[[ Given records, beginning ]]

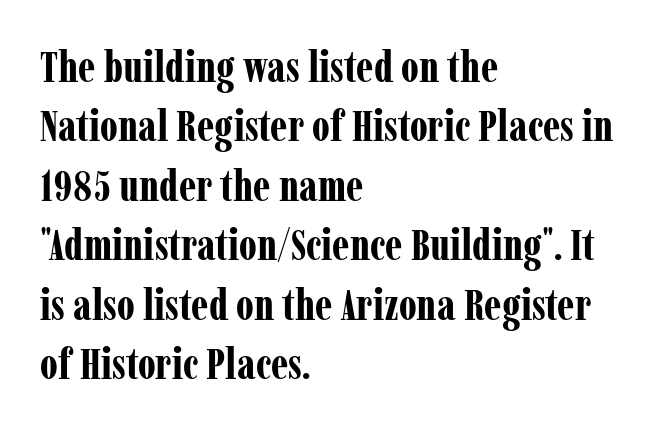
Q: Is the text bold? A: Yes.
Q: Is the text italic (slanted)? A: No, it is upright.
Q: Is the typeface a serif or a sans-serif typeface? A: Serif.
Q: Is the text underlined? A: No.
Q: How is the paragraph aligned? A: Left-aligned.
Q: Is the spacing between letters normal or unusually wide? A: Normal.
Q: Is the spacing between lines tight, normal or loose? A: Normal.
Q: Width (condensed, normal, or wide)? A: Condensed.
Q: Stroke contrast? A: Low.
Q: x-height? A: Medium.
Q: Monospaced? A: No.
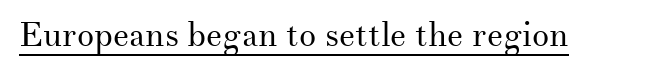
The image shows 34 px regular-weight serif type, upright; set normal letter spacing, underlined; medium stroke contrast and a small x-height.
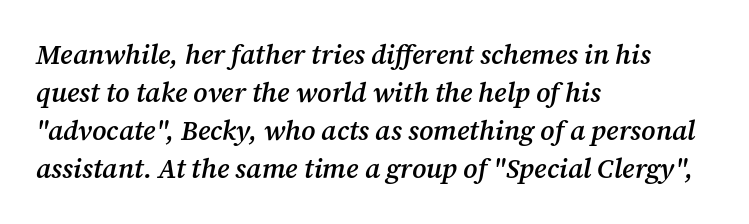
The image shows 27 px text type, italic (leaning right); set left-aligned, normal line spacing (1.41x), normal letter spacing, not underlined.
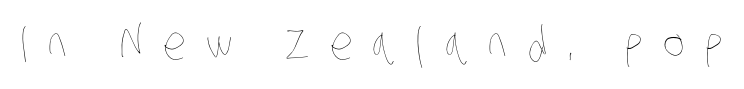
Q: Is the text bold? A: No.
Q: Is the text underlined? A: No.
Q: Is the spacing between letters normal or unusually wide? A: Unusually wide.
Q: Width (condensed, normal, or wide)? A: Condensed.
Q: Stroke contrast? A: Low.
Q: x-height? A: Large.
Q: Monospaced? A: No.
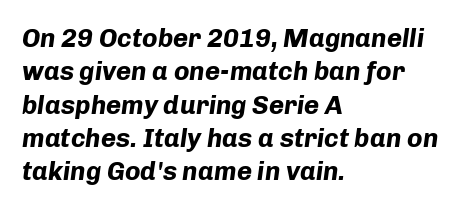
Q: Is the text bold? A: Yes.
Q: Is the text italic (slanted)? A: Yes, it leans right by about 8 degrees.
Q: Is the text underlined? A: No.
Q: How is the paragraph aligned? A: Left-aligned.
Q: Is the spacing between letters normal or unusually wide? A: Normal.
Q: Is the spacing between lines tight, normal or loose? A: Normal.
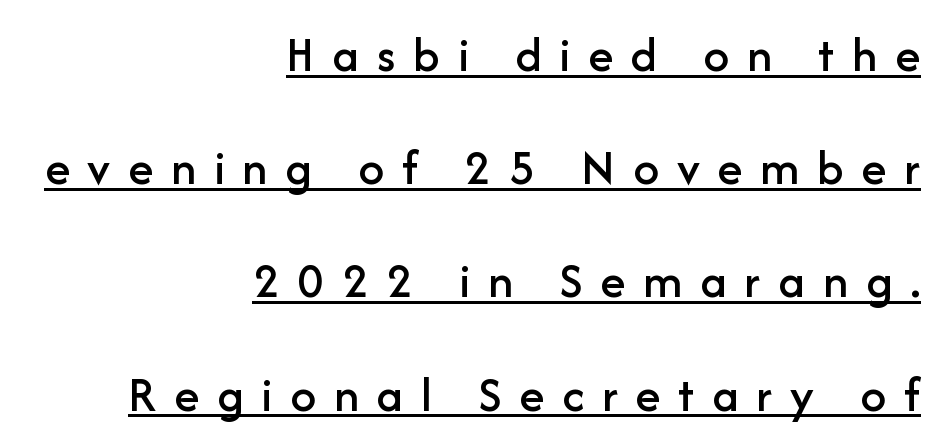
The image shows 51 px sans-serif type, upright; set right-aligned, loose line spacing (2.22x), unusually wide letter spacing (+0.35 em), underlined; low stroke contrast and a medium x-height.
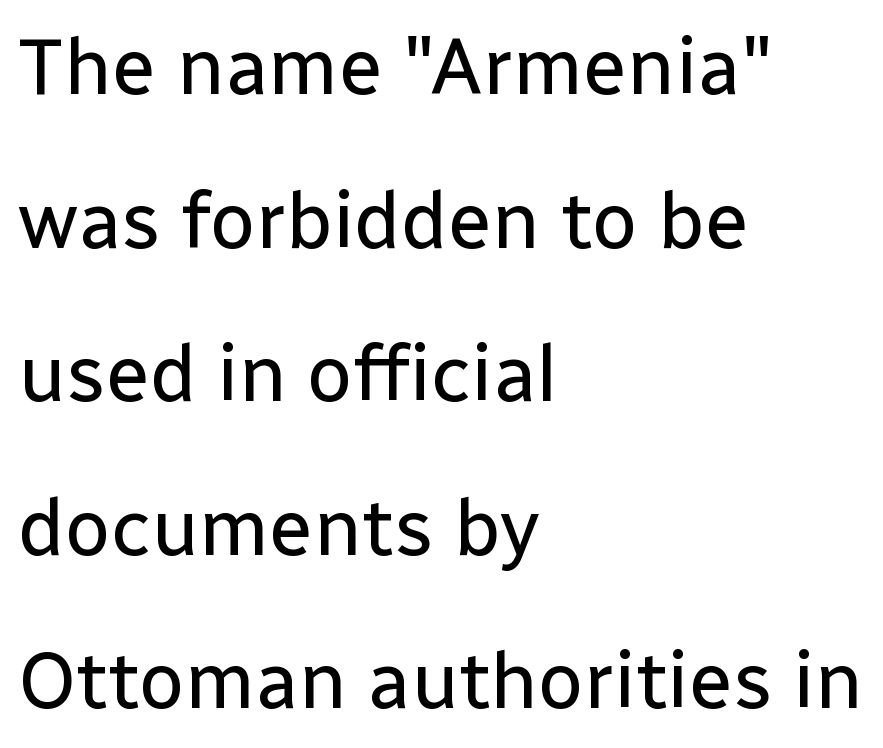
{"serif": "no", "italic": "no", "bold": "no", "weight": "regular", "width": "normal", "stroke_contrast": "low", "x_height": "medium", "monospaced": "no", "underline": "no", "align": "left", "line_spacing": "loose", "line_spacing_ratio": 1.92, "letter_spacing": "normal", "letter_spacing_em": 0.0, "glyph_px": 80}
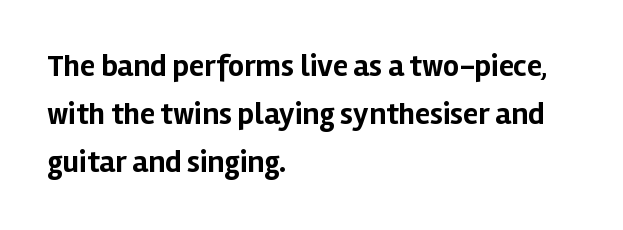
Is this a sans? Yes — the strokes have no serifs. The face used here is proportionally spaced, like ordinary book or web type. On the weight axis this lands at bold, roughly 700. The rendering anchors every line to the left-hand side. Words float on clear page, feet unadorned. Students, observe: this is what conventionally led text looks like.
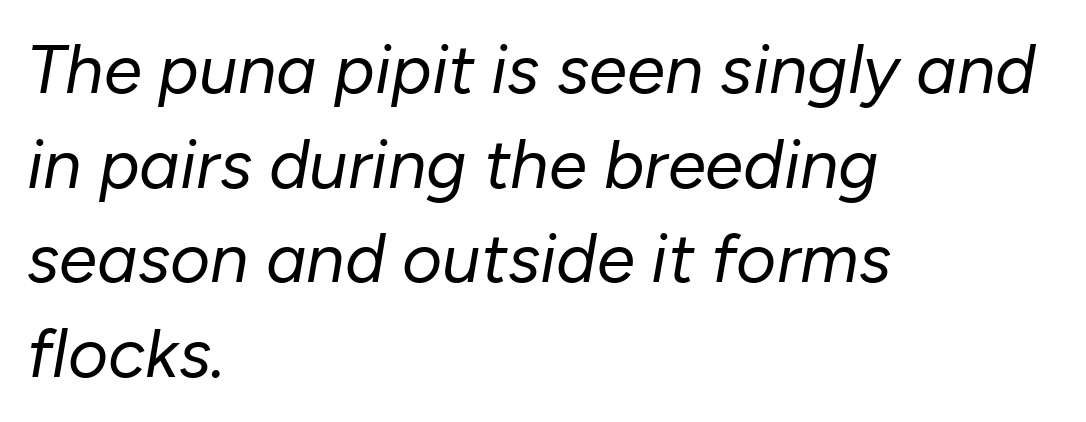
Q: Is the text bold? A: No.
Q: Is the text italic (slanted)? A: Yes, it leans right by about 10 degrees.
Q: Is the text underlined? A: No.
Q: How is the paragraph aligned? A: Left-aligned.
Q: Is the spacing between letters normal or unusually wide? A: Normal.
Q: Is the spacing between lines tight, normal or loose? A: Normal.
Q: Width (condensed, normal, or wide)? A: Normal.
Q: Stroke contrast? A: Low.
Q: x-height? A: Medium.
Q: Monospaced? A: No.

[[ Given records, end ]]

* [What you are asked to do] Leave out the images and copy every record above exactly.

* [Output for this task]
Q: Is the text bold? A: Yes.
Q: Is the text italic (slanted)? A: No, it is upright.
Q: Is the typeface a serif or a sans-serif typeface? A: Serif.
Q: Is the text underlined? A: No.
Q: How is the paragraph aligned? A: Left-aligned.
Q: Is the spacing between letters normal or unusually wide? A: Normal.
Q: Is the spacing between lines tight, normal or loose? A: Normal.
Q: Width (condensed, normal, or wide)? A: Condensed.
Q: Stroke contrast? A: Low.
Q: x-height? A: Medium.
Q: Monospaced? A: No.
The image shows 34 px regular-weight serif type, upright; set normal letter spacing, underlined; medium stroke contrast and a small x-height.
The image shows 27 px text type, italic (leaning right); set left-aligned, normal line spacing (1.41x), normal letter spacing, not underlined.
Q: Is the text bold? A: No.
Q: Is the text underlined? A: No.
Q: Is the spacing between letters normal or unusually wide? A: Unusually wide.
Q: Width (condensed, normal, or wide)? A: Condensed.
Q: Stroke contrast? A: Low.
Q: x-height? A: Large.
Q: Monospaced? A: No.
Q: Is the text bold? A: Yes.
Q: Is the text italic (slanted)? A: Yes, it leans right by about 8 degrees.
Q: Is the text underlined? A: No.
Q: How is the paragraph aligned? A: Left-aligned.
Q: Is the spacing between letters normal or unusually wide? A: Normal.
Q: Is the spacing between lines tight, normal or loose? A: Normal.
The image shows 51 px sans-serif type, upright; set right-aligned, loose line spacing (2.22x), unusually wide letter spacing (+0.35 em), underlined; low stroke contrast and a medium x-height.
{"serif": "no", "italic": "no", "bold": "no", "weight": "regular", "width": "normal", "stroke_contrast": "low", "x_height": "medium", "monospaced": "no", "underline": "no", "align": "left", "line_spacing": "loose", "line_spacing_ratio": 1.92, "letter_spacing": "normal", "letter_spacing_em": 0.0, "glyph_px": 80}
Is this a sans? Yes — the strokes have no serifs. The face used here is proportionally spaced, like ordinary book or web type. On the weight axis this lands at bold, roughly 700. The rendering anchors every line to the left-hand side. Words float on clear page, feet unadorned. Students, observe: this is what conventionally led text looks like.
Q: Is the text bold? A: No.
Q: Is the text italic (slanted)? A: Yes, it leans right by about 10 degrees.
Q: Is the text underlined? A: No.
Q: How is the paragraph aligned? A: Left-aligned.
Q: Is the spacing between letters normal or unusually wide? A: Normal.
Q: Is the spacing between lines tight, normal or loose? A: Normal.
Q: Width (condensed, normal, or wide)? A: Normal.
Q: Stroke contrast? A: Low.
Q: x-height? A: Medium.
Q: Monospaced? A: No.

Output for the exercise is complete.